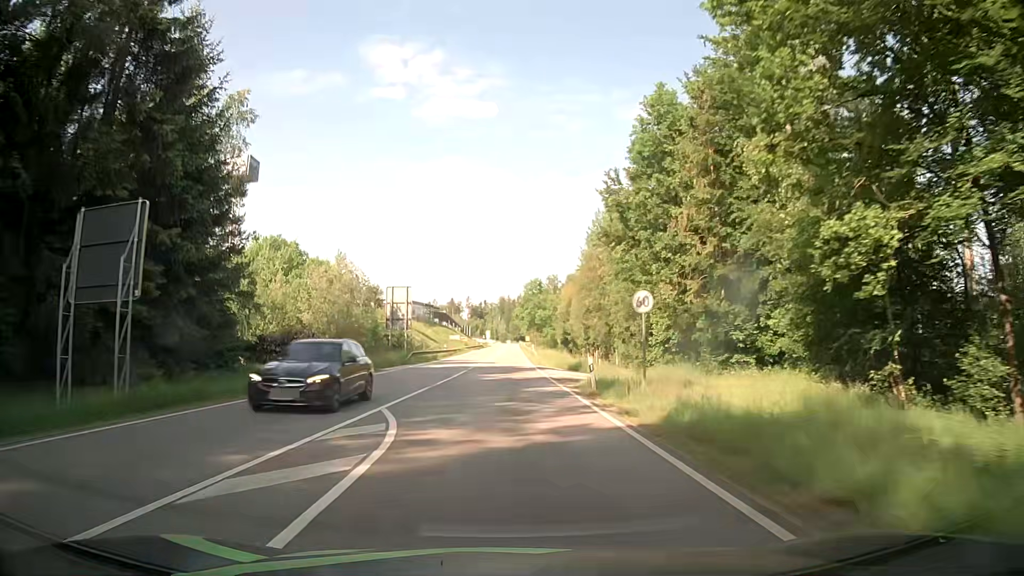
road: secondary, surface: asphalt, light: Day
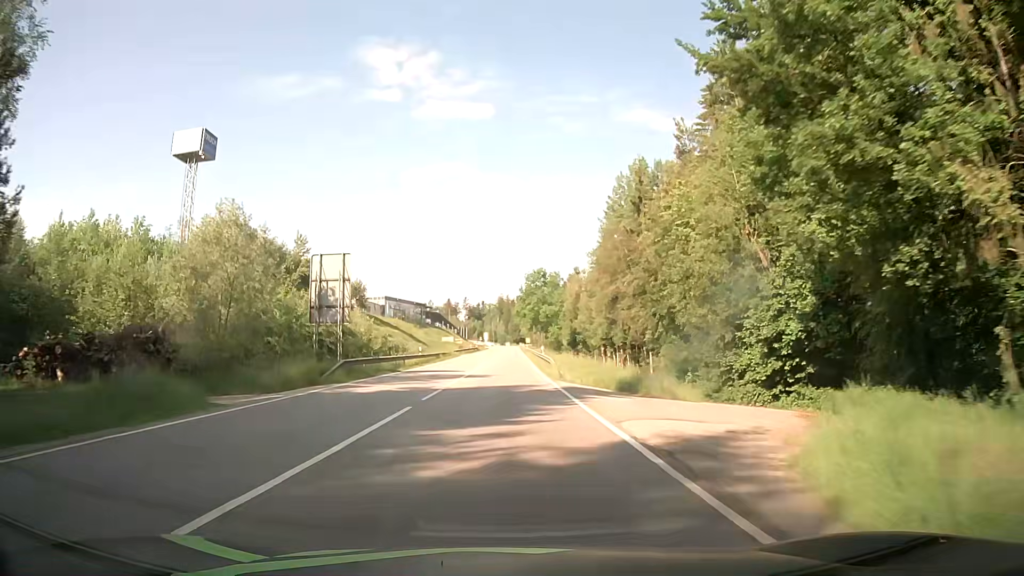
(-0.1, +20.4) m; +1°
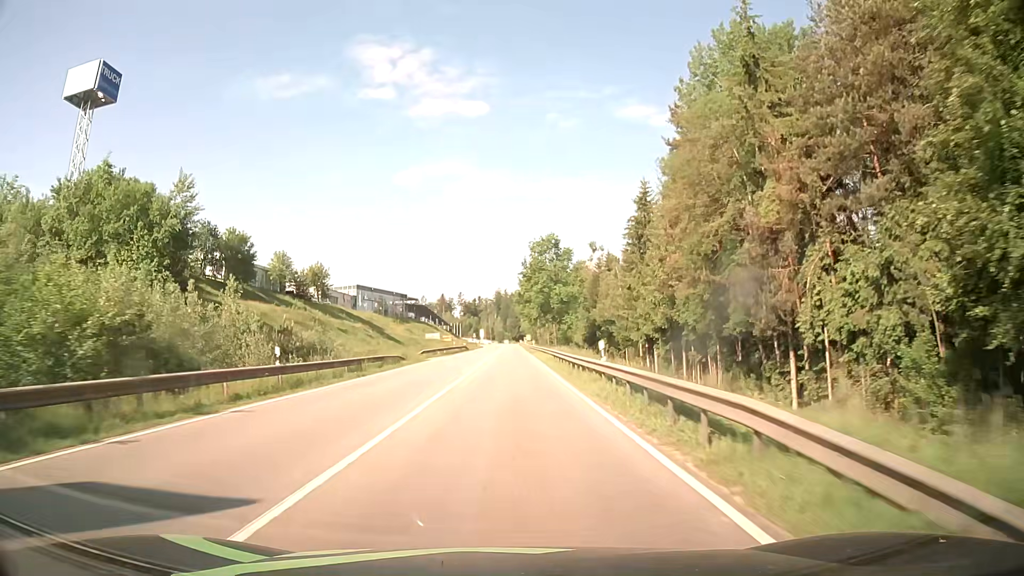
(-0.4, +32.8) m; -1°
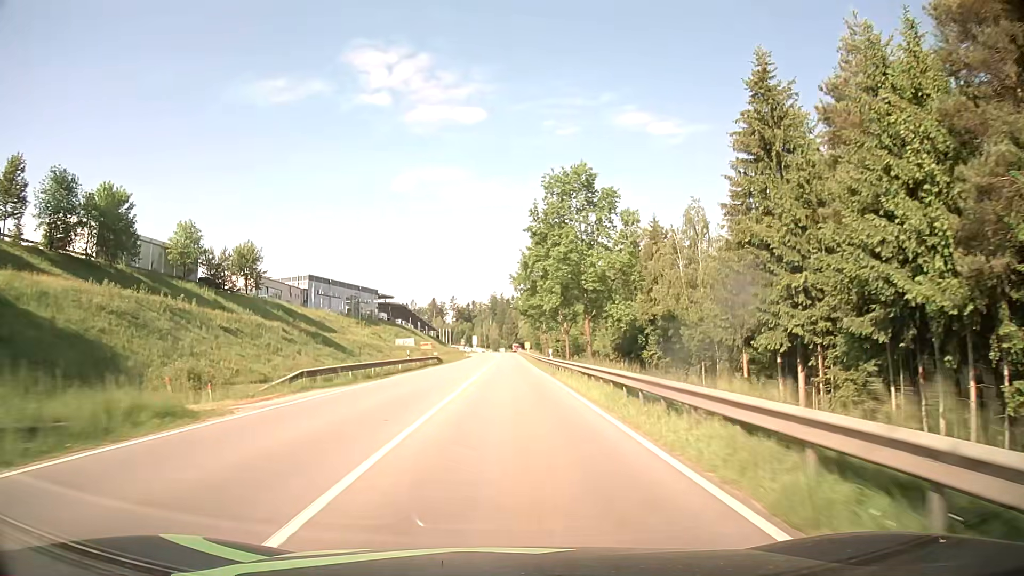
(+0.1, +35.5) m; 0°
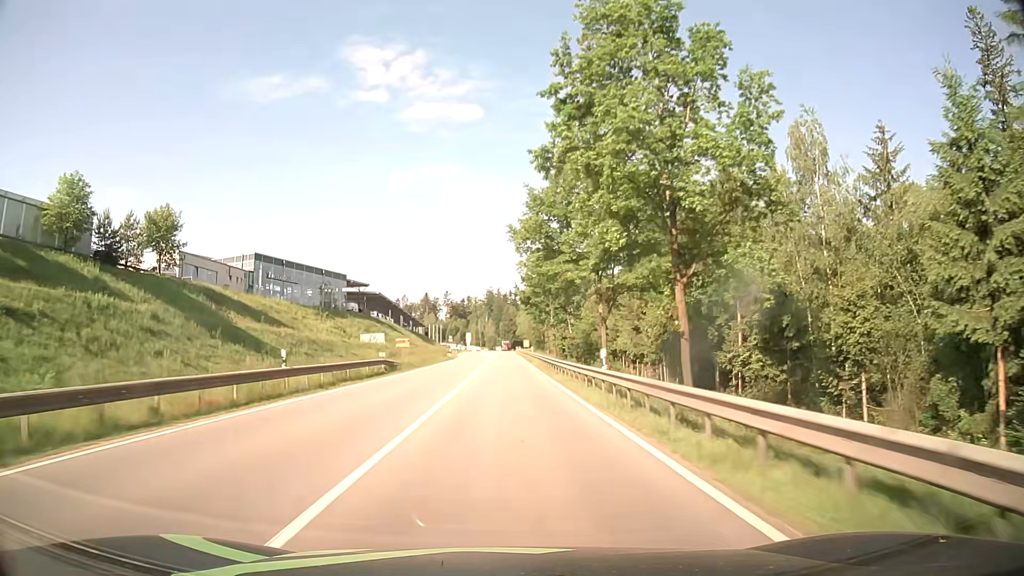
(+0.1, +25.0) m; 0°
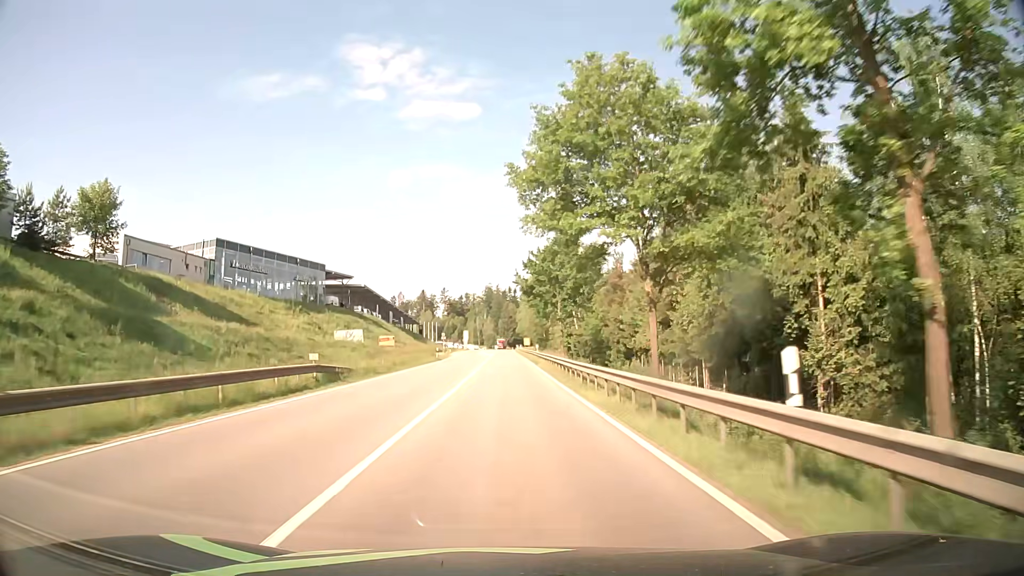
(0.0, +12.9) m; 0°
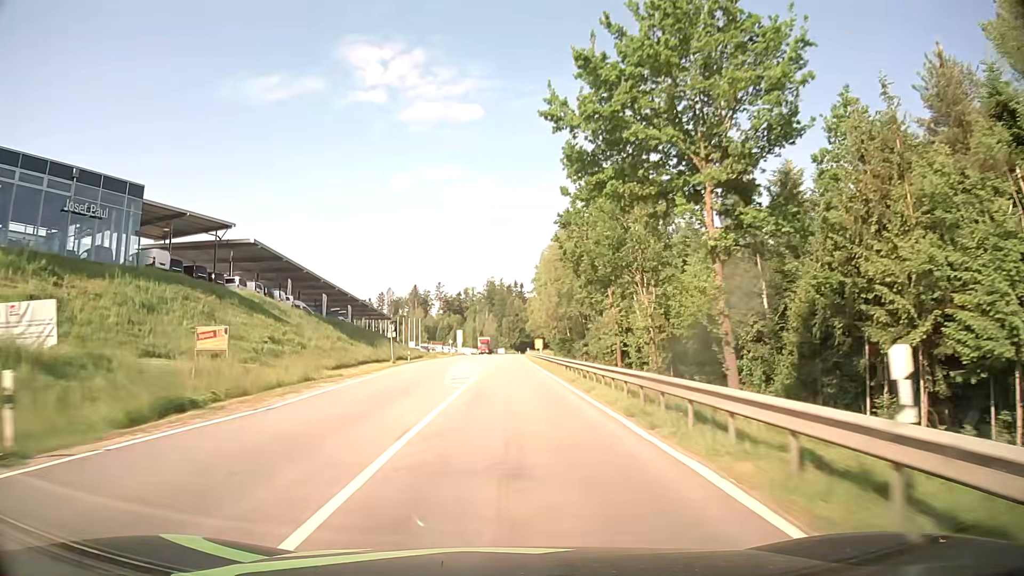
(-0.2, +54.3) m; -1°
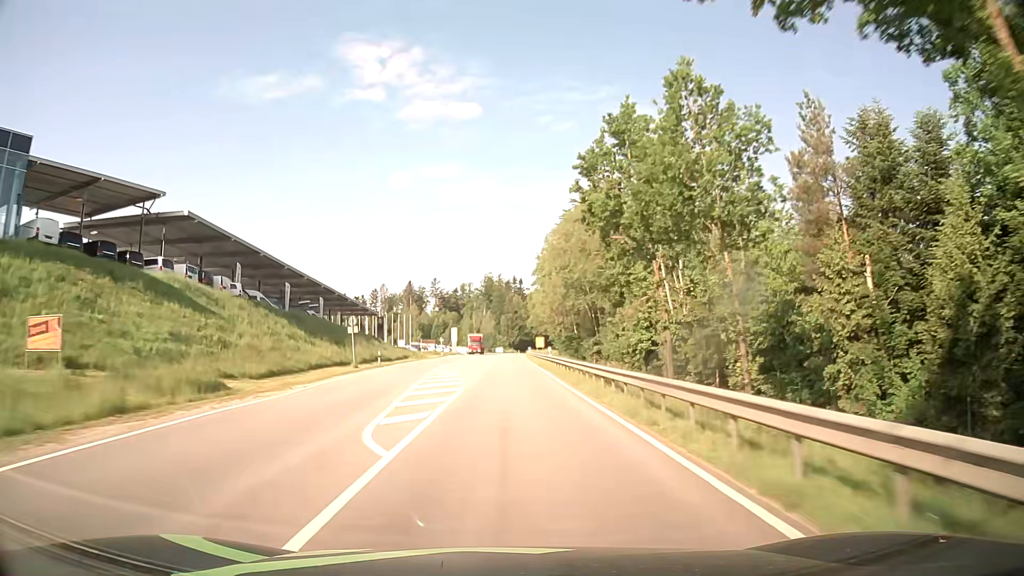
(0.0, +14.2) m; 0°
(0, +10) (0, +20) (0, +30) (0, +40) (0, +50) (0, +60) (0, +70) (+1, +80) (+1, +90) (+1, +100) m

# # # #

WHAT YOU WILL DO:
The pictures stay out; everything else in the records above must be repeated exactly.

EXERCISE RESULT:
road: secondary, surface: asphalt, light: Day
(-0.1, +20.4) m; +1°
(-0.4, +32.8) m; -1°
(+0.1, +35.5) m; 0°
(+0.1, +25.0) m; 0°
(0.0, +12.9) m; 0°
(-0.2, +54.3) m; -1°
(0.0, +14.2) m; 0°
(0, +10) (0, +20) (0, +30) (0, +40) (0, +50) (0, +60) (0, +70) (+1, +80) (+1, +90) (+1, +100) m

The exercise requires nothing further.